[THE INPUT Boundary: Start]
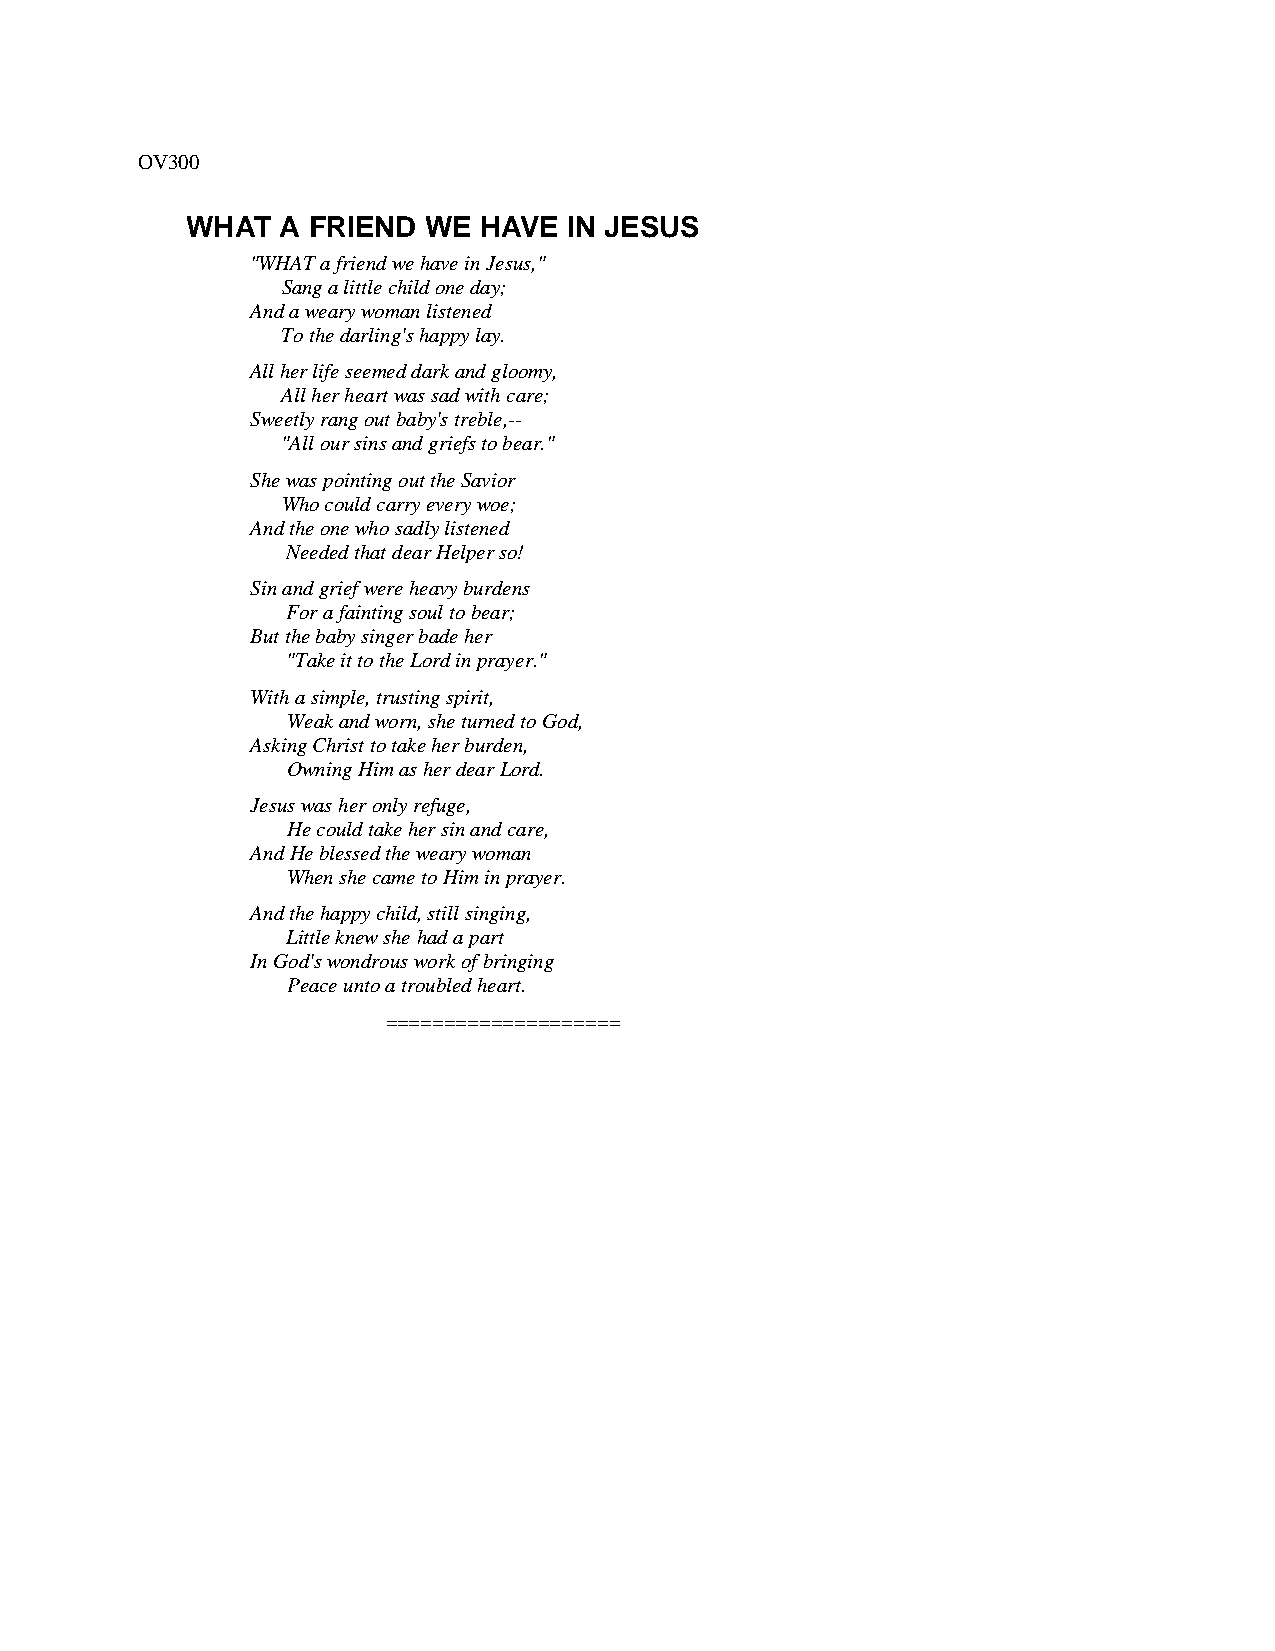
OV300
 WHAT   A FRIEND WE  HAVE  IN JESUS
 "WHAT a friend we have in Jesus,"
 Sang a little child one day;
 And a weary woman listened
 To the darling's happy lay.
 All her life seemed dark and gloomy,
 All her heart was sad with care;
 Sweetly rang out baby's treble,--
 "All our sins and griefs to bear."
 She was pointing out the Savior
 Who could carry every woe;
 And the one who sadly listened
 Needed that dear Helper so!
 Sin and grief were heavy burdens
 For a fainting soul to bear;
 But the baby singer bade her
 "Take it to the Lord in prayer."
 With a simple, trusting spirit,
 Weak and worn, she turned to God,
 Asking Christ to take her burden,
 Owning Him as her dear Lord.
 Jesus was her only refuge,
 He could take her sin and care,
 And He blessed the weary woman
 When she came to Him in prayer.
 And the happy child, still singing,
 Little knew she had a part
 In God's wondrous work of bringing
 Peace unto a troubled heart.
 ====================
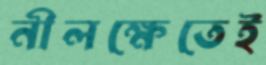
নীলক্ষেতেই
[THE INPUT Boundary: End]
Would you please copy each line of the listing that contains the word "care"?

 All her heart was sad with care;
 He could take her sin and care,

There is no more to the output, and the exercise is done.